VirtCode / serene-aur

replace your aur helper with a self-hosted build server
MIT License
5 stars 2 forks source link

error: error returned from database: (code: 5) database is locked: (code: 5) database is locked #3

Closed mariuszste closed 4 months ago

mariuszste commented 4 months ago

I did a pacman -Qmq | xargs -i serene add {} and started getting a bunch of database is locked errors. The build server has relatively slow hard drives and when it starts building packages the disk responsiveness drops drastically resulting in multiple threads trying to access the database.

in my opinion the database being locked should not result in an error but the program should wait for the pending queries to complete. Are you perhaps opening and closing the database on every connection? If so, consider opening the database once and then passing around the existing connection to avoid such errors.

mariuszste commented 4 months ago

and builds seem to be failing as well because of it [2024-05-13T12:37:45Z ERROR serene::build] build run for package failed extremely fatally: error returned from database: (code: 5) database is locked: (code: 5) database is locked

VirtCode commented 4 months ago

I thought that the server is using the database correctly, with a database pool provided by the library I'm using (sqlx). So I did some research and came across what seems to be the same issue on the repo of the library: https://github.com/launchbadge/sqlx/issues/451

So the problem seems to be caused by disk being too slow as far as I can tell, or something related to that. There are a couple of different fixes we could try. Sadly, I can't reproduce the issue on my end, I currently don't have any slow-enough hard drives lying around, so you'll have to test them.
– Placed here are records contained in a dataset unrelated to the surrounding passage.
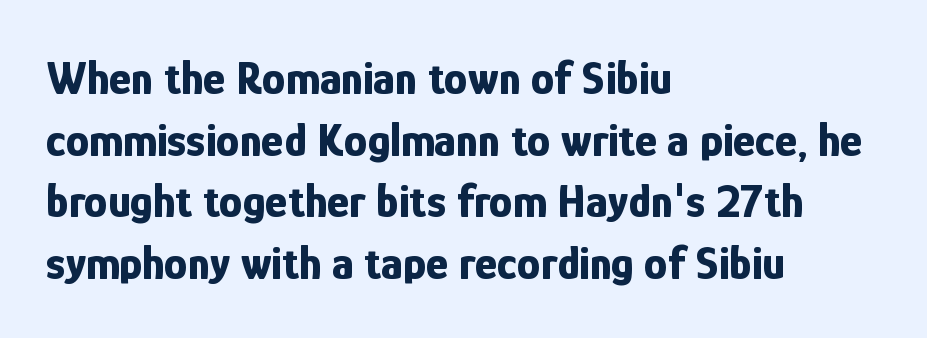
Q: Is the text bold? A: Yes.
Q: Is the text italic (slanted)? A: No, it is upright.
Q: Is the typeface a serif or a sans-serif typeface? A: Sans-serif.
Q: Is the text underlined? A: No.
Q: How is the paragraph aligned? A: Left-aligned.
Q: Is the spacing between letters normal or unusually wide? A: Normal.
Q: Is the spacing between lines tight, normal or loose? A: Normal.
Q: Width (condensed, normal, or wide)? A: Condensed.
Q: Stroke contrast? A: Low.
Q: x-height? A: Medium.
Q: Monospaced? A: No.
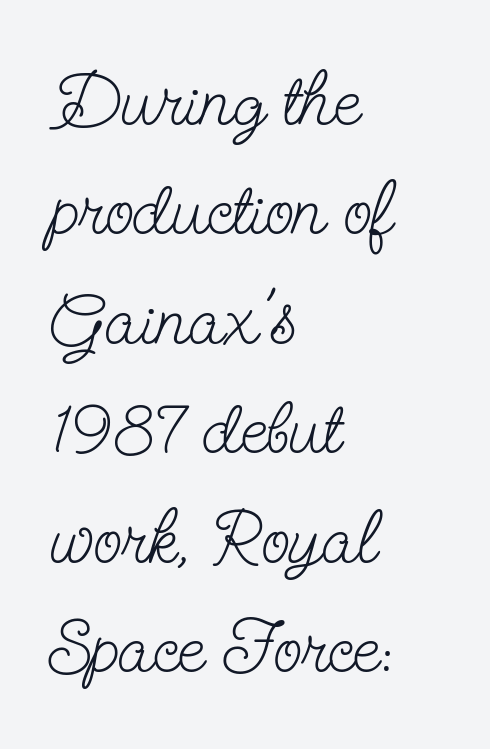
The image shows 75 px light, condensed serif type; set left-aligned, normal line spacing (1.46x), normal letter spacing, not underlined; low stroke contrast and a small x-height.
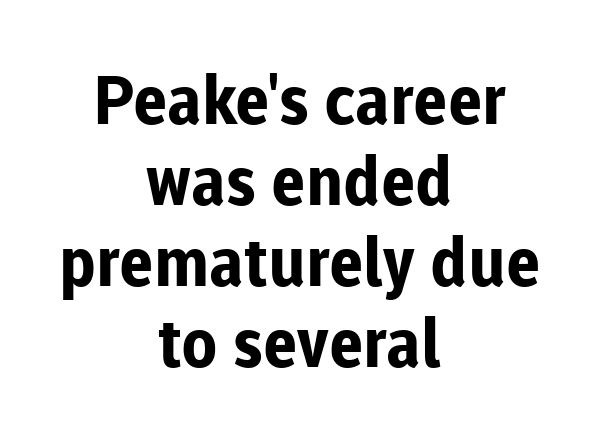
Q: Is the text bold? A: Yes.
Q: Is the text italic (slanted)? A: No, it is upright.
Q: Is the typeface a serif or a sans-serif typeface? A: Sans-serif.
Q: Is the text underlined? A: No.
Q: How is the paragraph aligned? A: Centered.
Q: Is the spacing between letters normal or unusually wide? A: Normal.
Q: Width (condensed, normal, or wide)? A: Normal.
Q: Stroke contrast? A: Low.
Q: x-height? A: Medium.
Q: Monospaced? A: No.
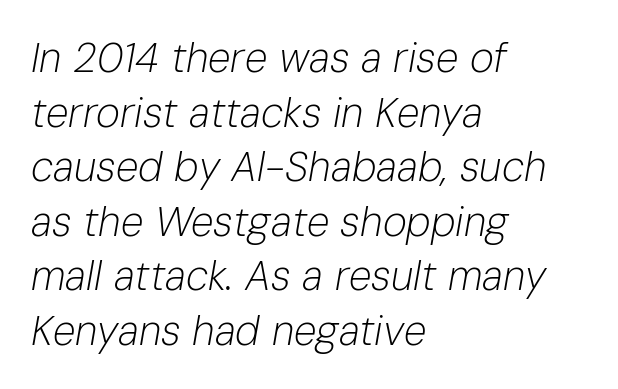
{"italic": "yes", "lean": "right", "slant_degrees": 10, "bold": "no", "weight": "light", "width": "normal", "stroke_contrast": "low", "x_height": "medium", "monospaced": "no", "underline": "no", "align": "left", "line_spacing": "normal", "line_spacing_ratio": 1.33, "letter_spacing": "normal", "letter_spacing_em": 0.0, "glyph_px": 41}
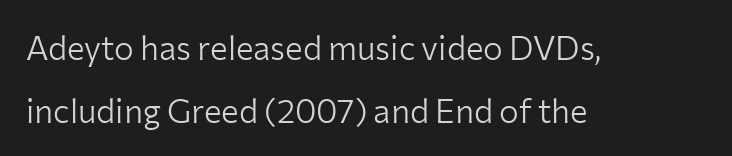
The image shows 33 px light sans-serif type, upright; set left-aligned, loose line spacing (1.9x), normal letter spacing, not underlined; low stroke contrast and a medium x-height.
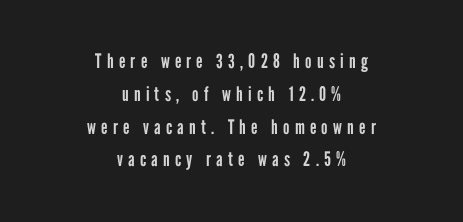
This rendering features lettering with no underline. Each line is balanced around a shared central axis. Words appear elongated and porous because spacing is wide. Weight class: somewhere from thin through regular. The leading is moderate, giving the passage an even texture.
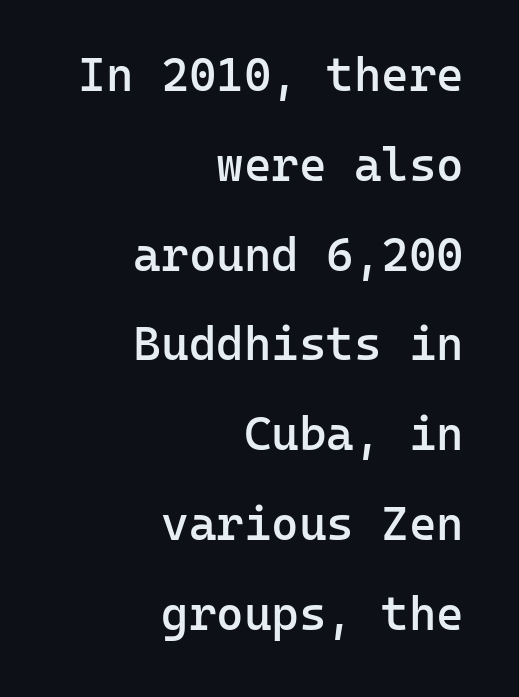
The image shows 47 px semibold sans-serif type, upright, monospaced; set right-aligned, loose line spacing (1.91x), normal letter spacing, not underlined; low stroke contrast and a medium x-height.
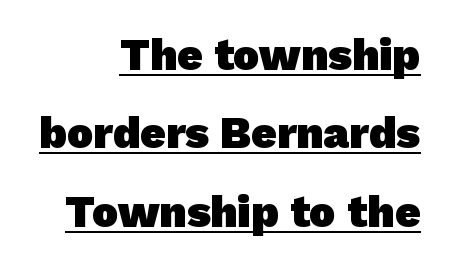
The image shows 44 px heavy sans-serif type; set right-aligned, line spacing 1.78x, normal letter spacing, underlined; low stroke contrast and a medium x-height.
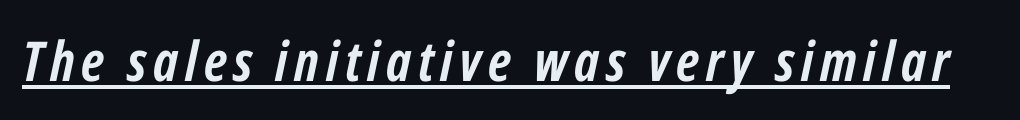
The image shows 55 px semibold, condensed type, italic (leaning right); set underlined; low stroke contrast and a medium x-height.

The first thing we can try is whether setting the SQLite journaling mode to WAL is enough. I've pushed a fix onto main which enables that, as it should be enabled anyways for all connections as it offers more performance. So it would be great if you could pull the new image and test whether that already fixes the issues on your setup.

If that doesn't work (which may very well be as adding and building packages are mostly write operations, which are still not possible to run in parallel even with WAL), we'll probably have to resort to something more drastic, limiting the amount of connections to 1. That would then probably do the trick, but is not really desirable as it may impact performance quite a bit.

dumbasPL commented 4 months ago

I threw a bunch of packages at it again and it seems to be fixed or at least not as bad (0 failures so far and 0 jobs stuck on working). Adding WAL was a good idea either way.

In theory https://github.com/launchbadge/sqlx/issues/459 should fix this completely without affecting read performance but there doesn't seem to be any interest in implementing it any time soon.

VirtCode commented 4 months ago

Okay that's great, I'll close this then for the time being. If the error appears again, please reopen this issue, and we can consider using two pools or simply limit the connections to 1.